20 Mayıs günü, Sözcü gazetesinin 20 sayfası
da bembeyaz çıktı. Günlük yazı köşelerinin çerçeveleri çizilmiş,
yazarlarının isimleri ve resimleri konulmuş, ama onların da içleri
boş bırakılmıştı.
Türkiye geçmişte daha önce de benzer olayları
yaşamış, DP iktidarının 27 Mayıs’a doludizgin gittiği günlerde de
gazeteler sansür edilen haberlerin bulunduğu yerler beyaz
bırakılarak çıkmıştı.
O beyaz boşluklu gazeteler, Türk basınının kara
günlerinin göstergeleri olarak arşivlerde durmaktadır.
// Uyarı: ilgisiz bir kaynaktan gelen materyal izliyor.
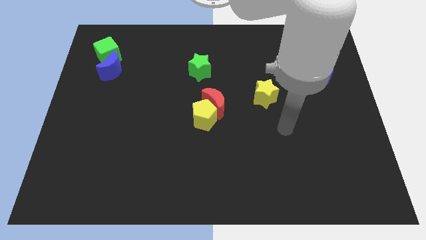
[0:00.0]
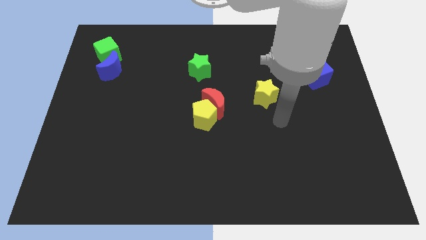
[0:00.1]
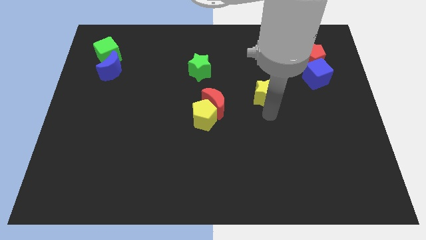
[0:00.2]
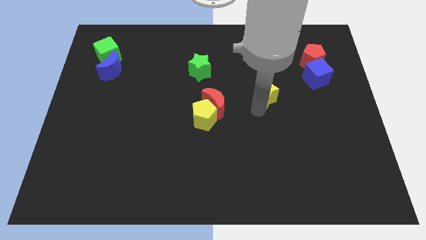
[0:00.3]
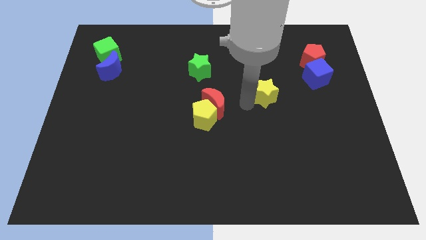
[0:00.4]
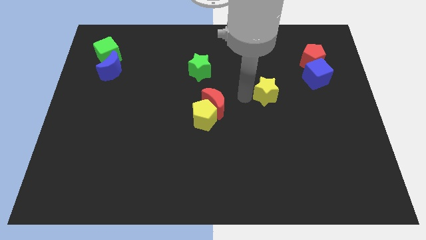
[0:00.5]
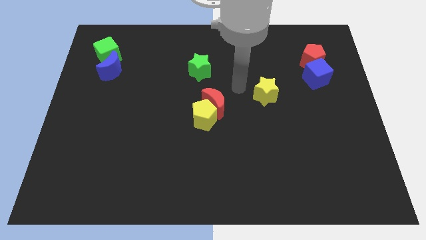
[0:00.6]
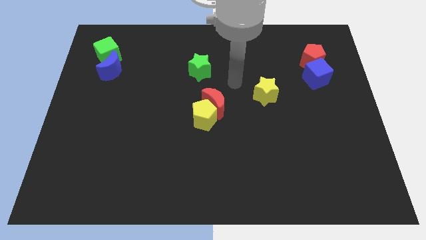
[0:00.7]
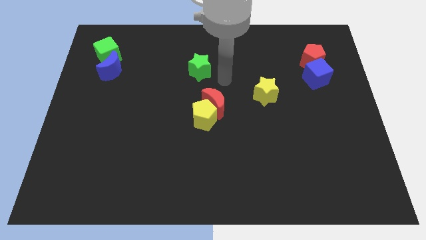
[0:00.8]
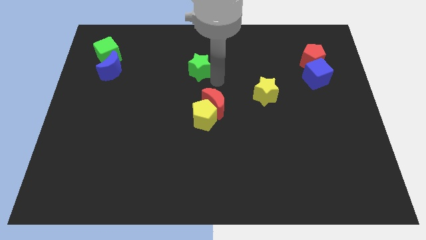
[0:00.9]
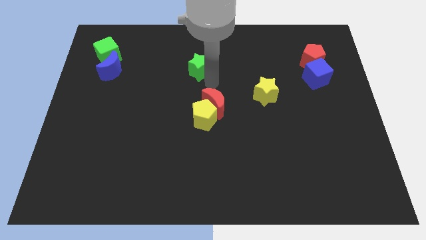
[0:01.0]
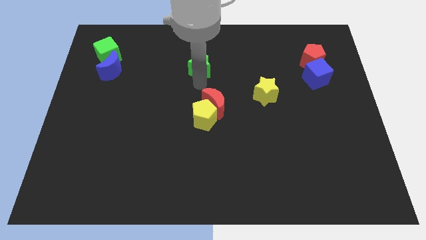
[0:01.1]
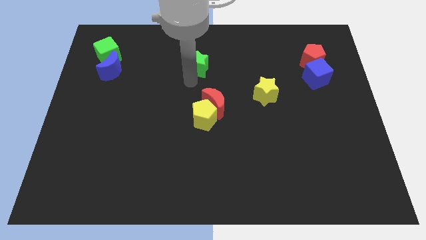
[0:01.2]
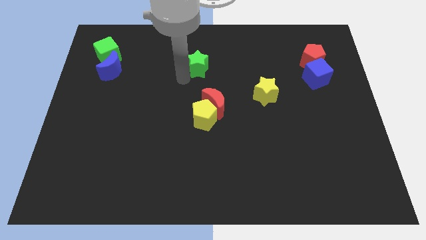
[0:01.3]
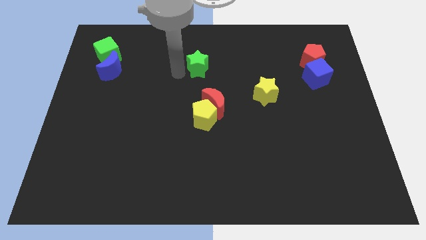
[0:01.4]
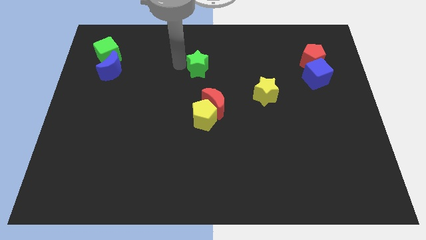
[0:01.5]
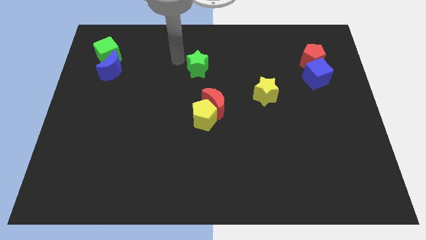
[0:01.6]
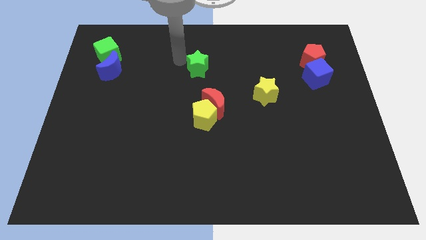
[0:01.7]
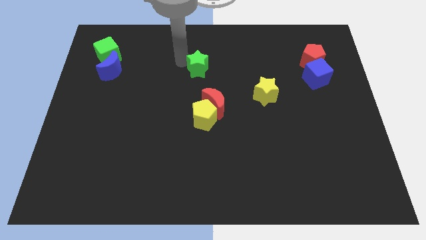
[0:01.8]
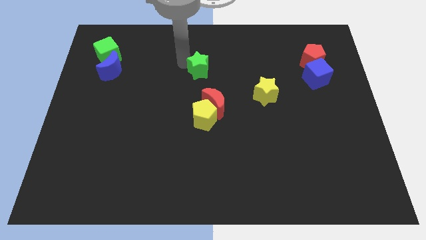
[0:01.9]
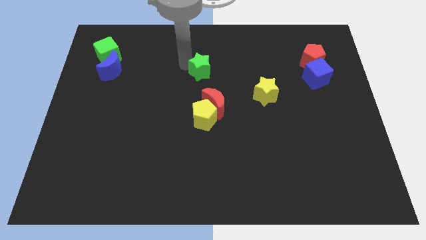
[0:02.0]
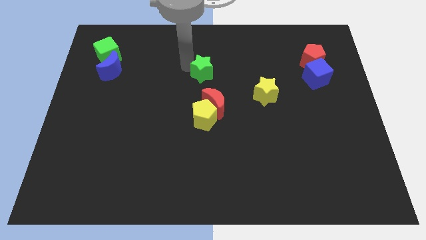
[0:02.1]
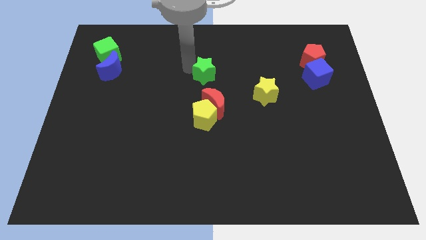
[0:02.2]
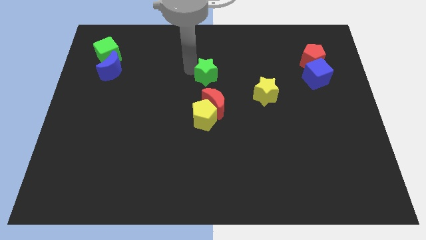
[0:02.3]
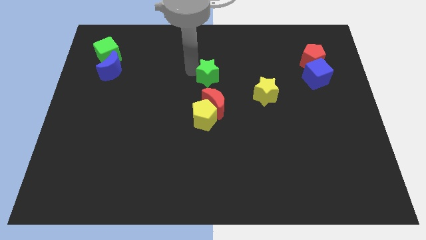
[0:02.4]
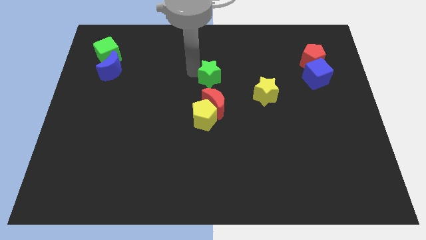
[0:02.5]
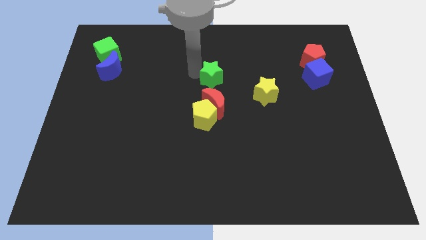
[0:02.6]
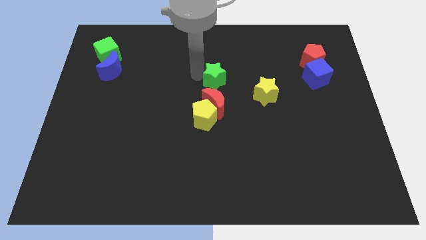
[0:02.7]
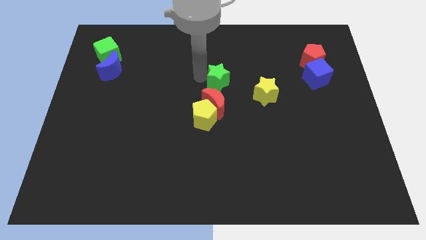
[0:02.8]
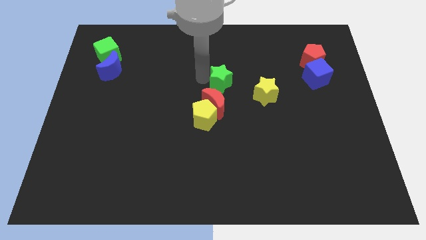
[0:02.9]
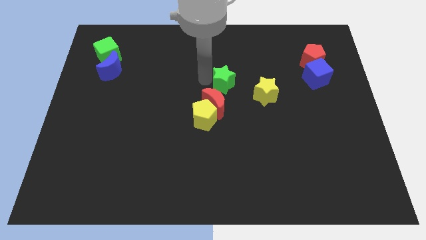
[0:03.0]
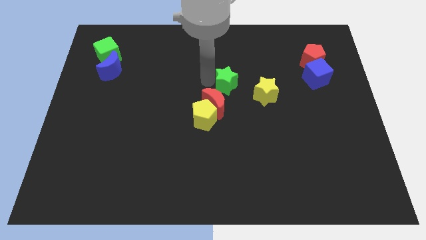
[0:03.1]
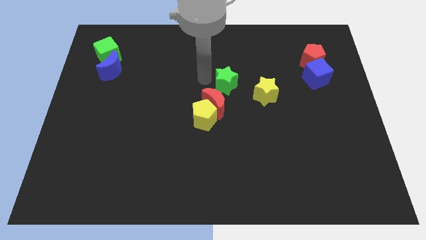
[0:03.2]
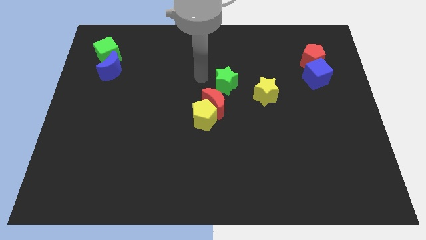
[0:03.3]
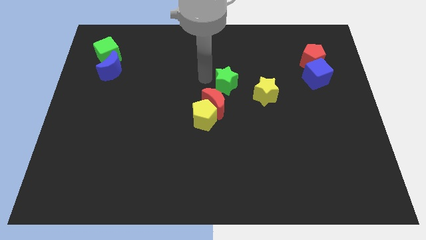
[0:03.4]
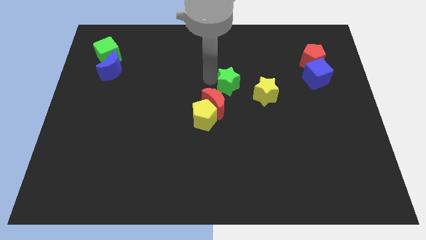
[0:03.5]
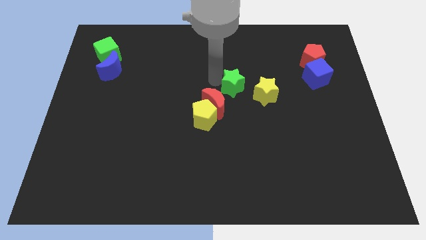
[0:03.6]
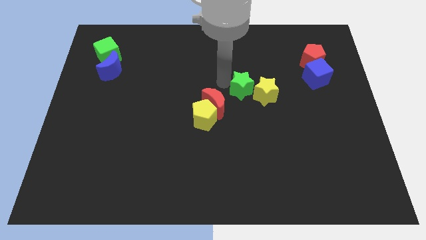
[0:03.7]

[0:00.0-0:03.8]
move the green star towards the yellow star

Bu kez bir gazete beyaz boşluklarla değil,
tepeden tırnağa bembeyaz çıkmaktaydı.
Gazetenin 20 Mayıs sayısının bembeyaz çıkması,
19 Mayıs’ta Sözcü’ye yönelik girişimler yüzünden, Türk basın
tarihinin kapkara günlerinden birini yaşamış olması
yüzündendi.
19 Mayıs günü gazete sahibi Burak
Akbay, internet sorumlu müdürü Mediha
Olgun, mali işler sorumlu müdürü Yonca
Kaleli ve muhabir Gökmen Ulu hakkında
“Hükümeti ortadan kaldırmaya teşebbüse iştirak
ve FETÖ’ye üye olmamakla birlikte, örgüt adına suç
işlemek” iddiasıyla gözaltı kararı alınmıştır.
Ne yazık ki, 13 mensubu, benzer abes iddialarla
aylardır Silivri’de tutuklu bulunan Cumhuriyet’in okurlarının da
çok yakından bildikleri gibi, bu ilk olay değildir.
***
Birçok olay birbirine eklenmekte ve şu anda hapishanelerindeki gazeteci sayısı açısından dünya birincisi olan Türkiye basın tarihinin en karanlık dönemini yaşamaktadır.